This is more than a matter of the historical fact that governments have been reluctant to give up powers that they have been handed — or, as during this crisis, put to use. To imagine that large swathes of America could be shut down by administrative order would, six months ago, have been no more than the stuff of prepper paranoia, and yet here we are. And powers that have been used once can be used again, perhaps not in the same way, and perhaps not to the same extent, but they will be used. After all, an “emergency” can be a conveniently flexible concept. Those, for example, who talk of a “climate emergency” will be paying close attention to the precedents that are now being set…

Mazzucato writes what Bourne says, but it’s worth noting these comments from her too:

To achieve this, three obstacles must be removed: business that is shareholder-driven instead of stakeholder-driven, finance that is used in inadequate and inappropriate ways, and government that is based on outdated economic thinking and faulty assumptions.

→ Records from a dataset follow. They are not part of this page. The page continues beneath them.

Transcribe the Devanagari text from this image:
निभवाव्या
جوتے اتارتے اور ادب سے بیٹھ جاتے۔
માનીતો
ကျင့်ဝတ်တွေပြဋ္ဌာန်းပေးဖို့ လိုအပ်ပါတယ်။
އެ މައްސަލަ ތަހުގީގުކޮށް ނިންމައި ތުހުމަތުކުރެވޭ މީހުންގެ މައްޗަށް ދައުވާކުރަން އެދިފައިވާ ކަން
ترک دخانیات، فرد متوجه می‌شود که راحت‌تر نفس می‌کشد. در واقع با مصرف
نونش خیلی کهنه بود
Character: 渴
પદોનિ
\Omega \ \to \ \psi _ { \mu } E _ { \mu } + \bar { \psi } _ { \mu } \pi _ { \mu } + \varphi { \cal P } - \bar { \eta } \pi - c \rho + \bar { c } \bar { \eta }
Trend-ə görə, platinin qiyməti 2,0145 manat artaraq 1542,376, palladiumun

Say what you will, but it’s striking how often “stakeholder capitalism” features in arguments of this type.

And Mazzucato is no fringe figure. Here she is, speaking to the World Economic Forum (“Davos”) earlier this year (on the need for stakeholder capitalism), and this is by no means her only appearance, whether in print or otherwise, at that august body.

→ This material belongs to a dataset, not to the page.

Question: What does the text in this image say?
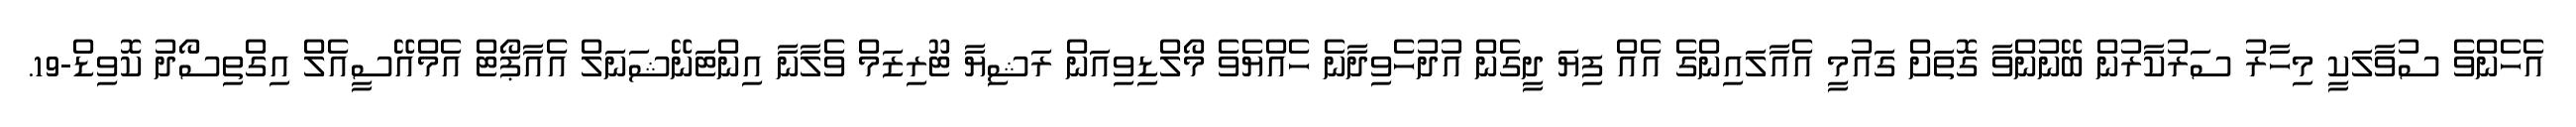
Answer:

Meanwhile, Brits could read this good news from the Financial Times on Tuesday:

Sales of new gas boilers should be banned by 2033 and Britons will need to reduce their meat and dairy consumption by a fifth in just nine years to set the UK on a path to achieving net zero emissions by 2050, according to the government’s climate advisers.

Britain will also have to match US president-elect Joe Biden’s pledge to decarbonise the power system by 2035, according to a detailed plan from the Climate Change Committee on Wednesday, which recommends sweeping changes for every sector of the economy to “almost entirely” phase out fossil fuels in less than three decades.

The new CCC road map spells out in detail for the first time the significant role consumer behaviour will play in the UK’s efforts to end its contribution to climate change. Until now most emissions cuts achieved since 1990 have been “invisible” to the public as they have largely come though the phase-out of coal-fired power plants.

“More than ever before” future emissions cuts will rely on choices such as slashing meat consumption — which will have to be reduced by nearly 35 per cent by 2050 — driving less and choosing to limit flights, the CCC said. These changes should be encouraged via moves such as public sector bodies offering plant-based options at all meals before alternatives, “such as pricing”, are considered, it added.

The advice of the CCC is not legally binding, but has exerted a strong influence on the decisions of the UK government, which has always followed its advice when setting the five-year “carbon budgets” required under the Climate Change Act…

And, yes, this is coming over here.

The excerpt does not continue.